We erase the values for Qatar data values for CO2 and GDP for Qatar to Nan but in this case, since they are not misrecorded but just unusual values, let’s not do that, as we don’t want to hide the data point.
Instead we conduct the correlation on the dataframe excluding Qatar:
CO2vGDP[CO2vGDP['Country']!='Qatar'].corr()
CO2 | GDP | population | |
---|---|---|---|
CO2 | 1.000000 | 0.732323 | 0.005751 |
GDP | 0.732323 | 1.000000 | -0.025626 |
population | 0.005751 | -0.025626 | 1.000000 |
Hm, the correlation went down from $r$=0.79 to $r$=0.073 - lower but still strong
Here’s a plot of the data with Qatar excluded
sns.scatterplot(data=CO2vGDP[CO2vGDP['Country']!='Qatar'], x='GDP', y='CO2')
plt.xlabel('GDP: $/person/year')
plt.ylabel('CO2 emissions: tonnes/person/year')
Text(0, 0.5, 'CO2 emissions: tonnes/person/year')

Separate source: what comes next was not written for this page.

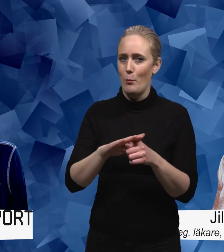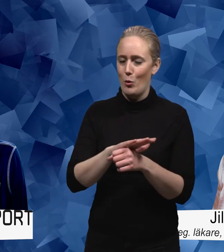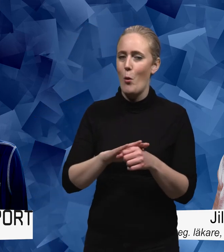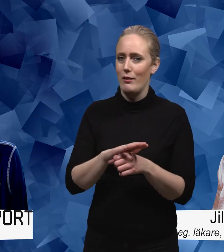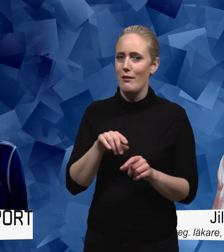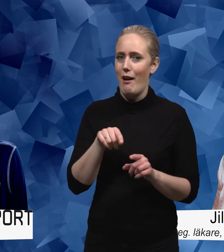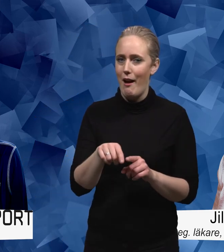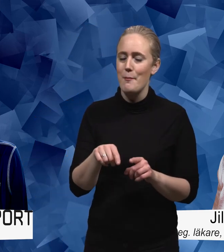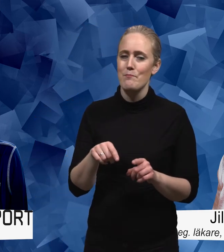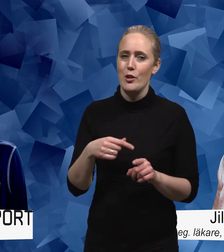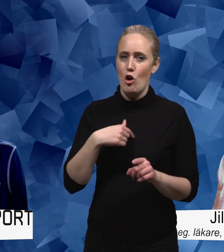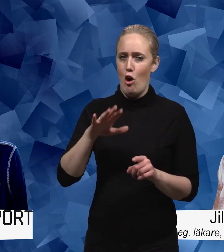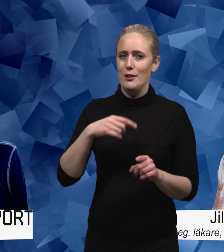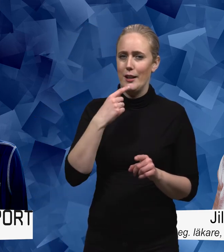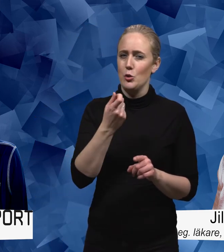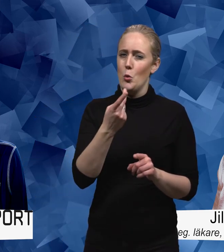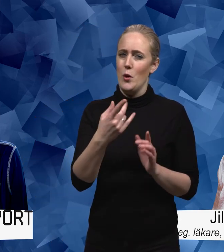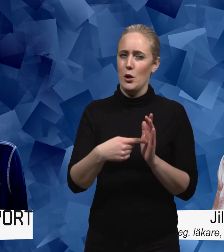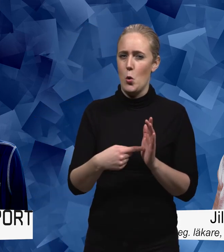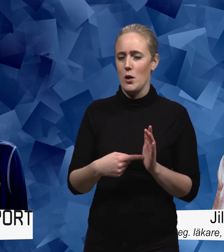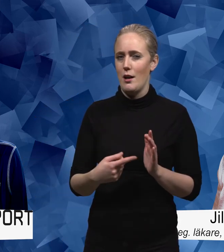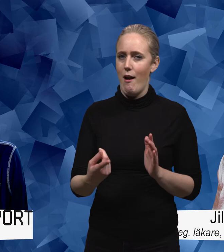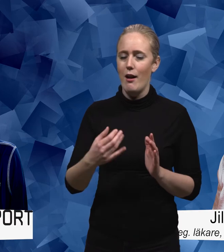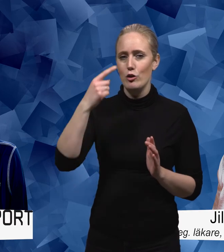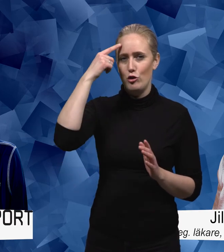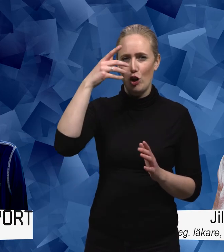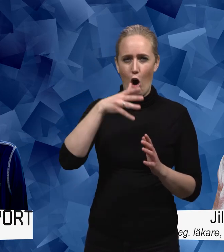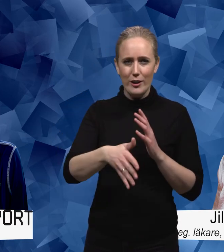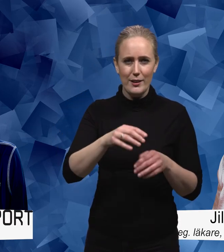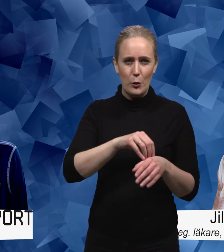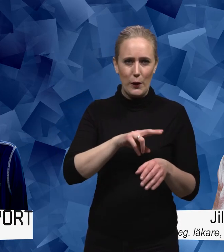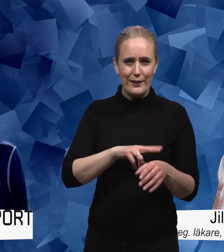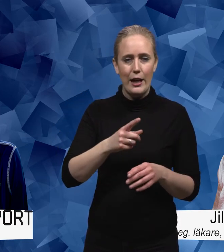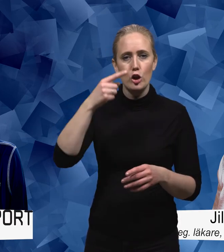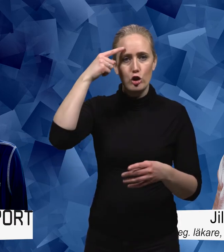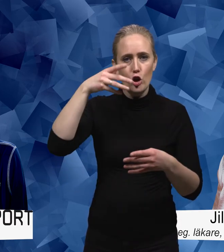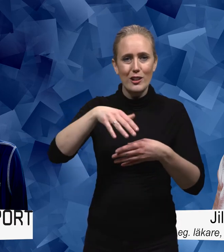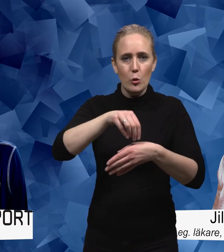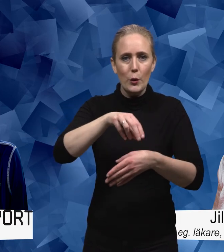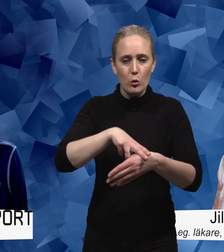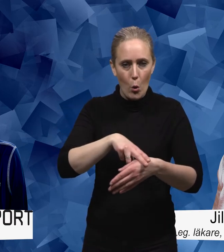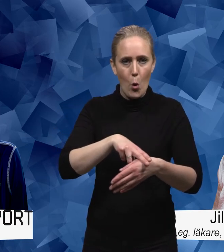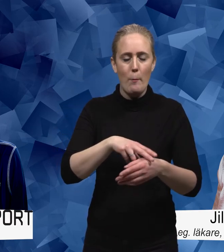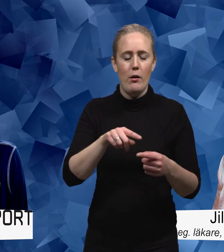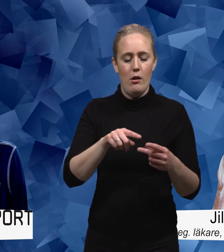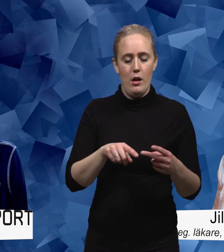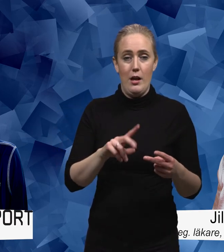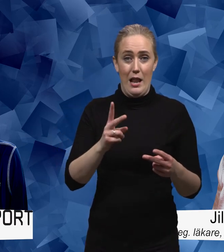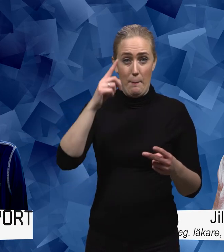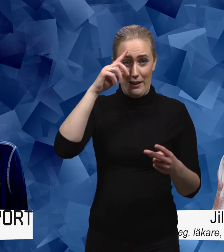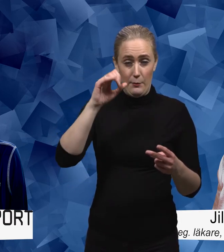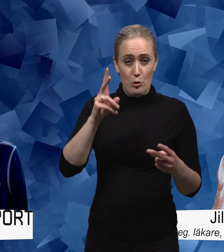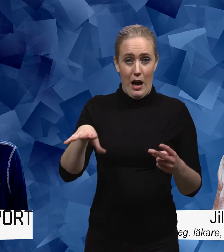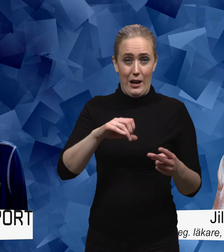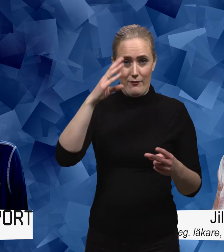ännu men jag har sagt några gånger psykiatrisk sjuklighet eller psykiska sjukdomar och sen har jag också använt begreppet som

We no longer have an obvious outlier, but we do have a problem, called heteroscedasticity
Heteroscedasticty is when the variance of the data in $y$ depends on the value in $x$. In this case, CO2 emissions are more variable for high income countries (which can be high- or low poluting) compared to low income countries
This property violates the assumptions of Pearson’s correlation coefficient, so for these dataset we would be better off using Spearman’s rank correlation coefficient, as explored in the next section.